Vacuna de la rabia en gatos: cuándo y si es obligatoria
GATO · VACUNA DE LA RABIA01Cuándo y cada cuánto
La rabia es una vacuna esencial tanto para la Asociación Mundial de Veterinarios de Pequeños Animales (WSAVA) como para la Asociación Americana de Veterinarios Felinos (AAFP). El intervalo del refuerzo no lo marca solo la vacuna: la normativa local puede exigir una dosis anual aunque el producto esté aprobado para tres años. El veterinario anota la próxima fecha en la cartilla y esa es la referencia. El resto del calendario del gato adulto está en el artículo sobre qué vacunas necesita un gato adulto.

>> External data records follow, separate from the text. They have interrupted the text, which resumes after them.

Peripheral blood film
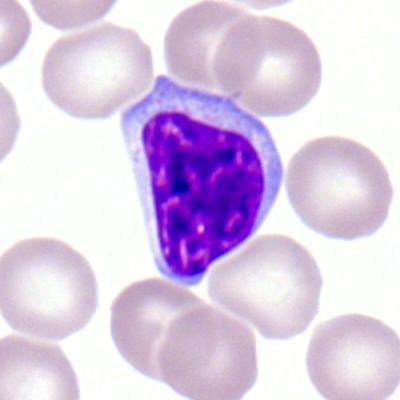Single cell identified as a typical lymphocyte.
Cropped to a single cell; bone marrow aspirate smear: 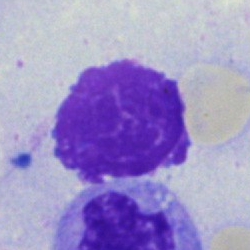 This is an artefact.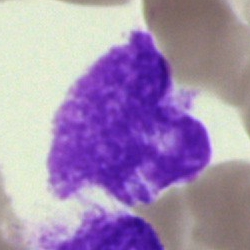 Morphology → artifact.
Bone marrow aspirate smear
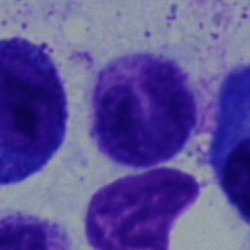 Q: What is shown here?
A: This is a band-form neutrophil.
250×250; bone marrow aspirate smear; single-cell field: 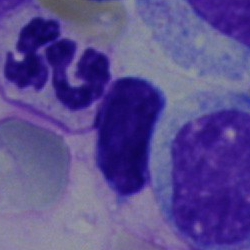 Cell type: neutrophil (segmented).
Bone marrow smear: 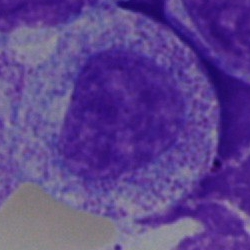 {"cell_type": "myelocyte"}
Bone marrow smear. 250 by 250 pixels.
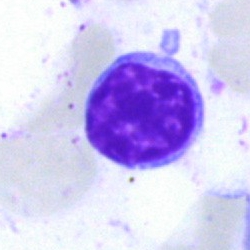

Q: What type of cell is this?
A: This is a typical lymphocyte.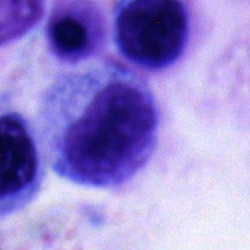Cell: myelocyte.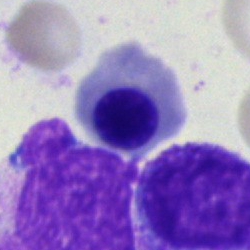Q: What type of cell is this?
A: Normoblast.
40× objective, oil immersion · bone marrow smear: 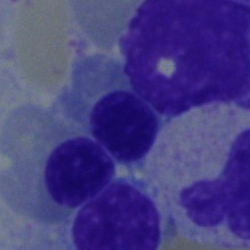
Q: Which cell type is shown here?
A: A nucleated red blood cell.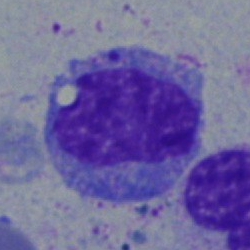
Q: What cell is this?
A: Monocyte.
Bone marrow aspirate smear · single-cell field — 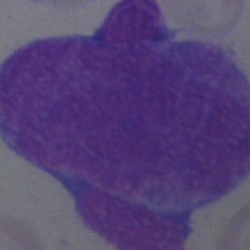{"cell_type": "artefact"}
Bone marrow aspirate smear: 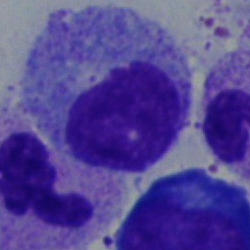 Single cell identified as a myelocyte.
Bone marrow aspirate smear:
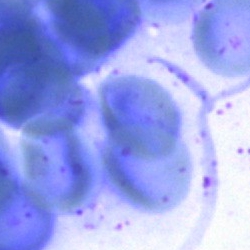

Q: What is shown here?
A: This is an artefact.
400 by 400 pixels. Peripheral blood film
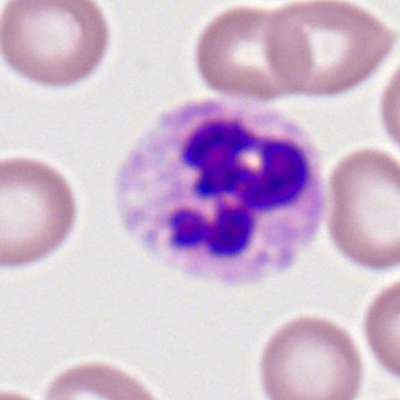 Showing a polymorphonuclear neutrophil.
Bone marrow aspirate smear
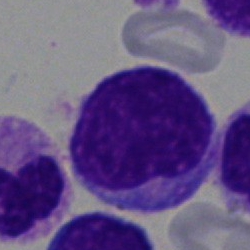
Classification: undifferentiated blast.
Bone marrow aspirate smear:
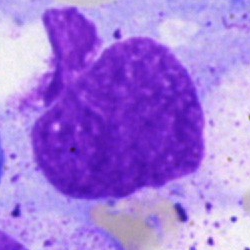

Cell type — artefact.
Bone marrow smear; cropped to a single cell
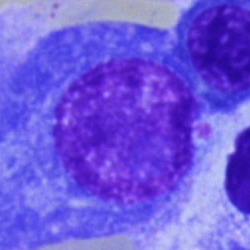
The cell type is plasma cell.
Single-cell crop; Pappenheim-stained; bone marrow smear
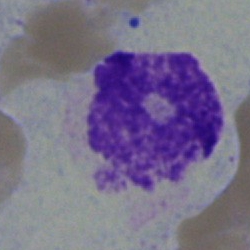

Cell type: polymorphonuclear neutrophil.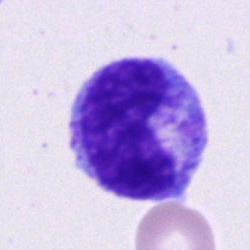 Q: What is shown here?
A: It is a metamyelocyte.
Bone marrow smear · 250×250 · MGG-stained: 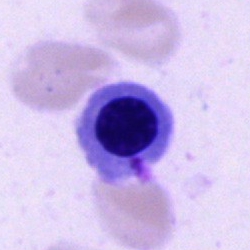
The cell is nucleated red cell.
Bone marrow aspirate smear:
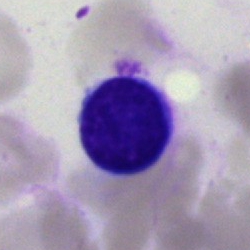
Cell: typical lymphocyte.
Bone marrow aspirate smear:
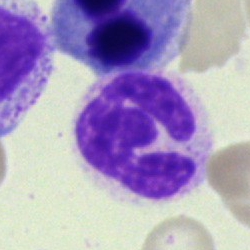

Impression → polymorphonuclear neutrophil.

02El gato de interior no queda fuera
Un gato que no sale no está cubierto legalmente: el certificado de rabia en vigor hace falta para una mudanza, un viaje, una residencia felina y muchas veces para una consulta rutinaria. Sin el sello en la cartilla no lo aceptan en una residencia ni lo dejan cruzar una frontera. Además, hasta un gato estrictamente de interior acaba alguna vez en el rellano o en el balcón. Qué más necesita un gato sin acceso a la calle lo vemos en el artículo sobre las vacunas del gato de interior.
03Qué dicen las normas donde vives
En España no hay una norma única: según el Ministerio de Agricultura, son las Comunidades Autónomas las que fijan su estrategia de vacunación a partir de un análisis de riesgo. Por eso en unas la vacuna antirrábica es obligatoria y en otras no, y la frecuencia de revacunación que marca la comunidad puede no coincidir con la ficha técnica de la vacuna. Conviene mirar la norma de tu comunidad; en el resto de países hispanohablantes el intervalo lo fija la normativa nacional y lo confirma tu veterinario.
04Por qué al gato se le pone un tipo concreto de vacuna
En los gatos puede aparecer, muy de vez en cuando, un tumor en el punto de inyección: el llamado sarcoma asociado a la vacunación. Es poco frecuente pero difícil de tratar, así que se prefieren vacunas recombinantes sin adyuvante, el aditivo que refuerza la respuesta inmunitaria. La vacuna de la rabia sin adyuvante está aprobada hoy para un año, y por eso en gatos el refuerzo suele ser anual. Por lo mismo el pinchazo va lo más abajo posible en la pata trasera derecha y no en la cruz.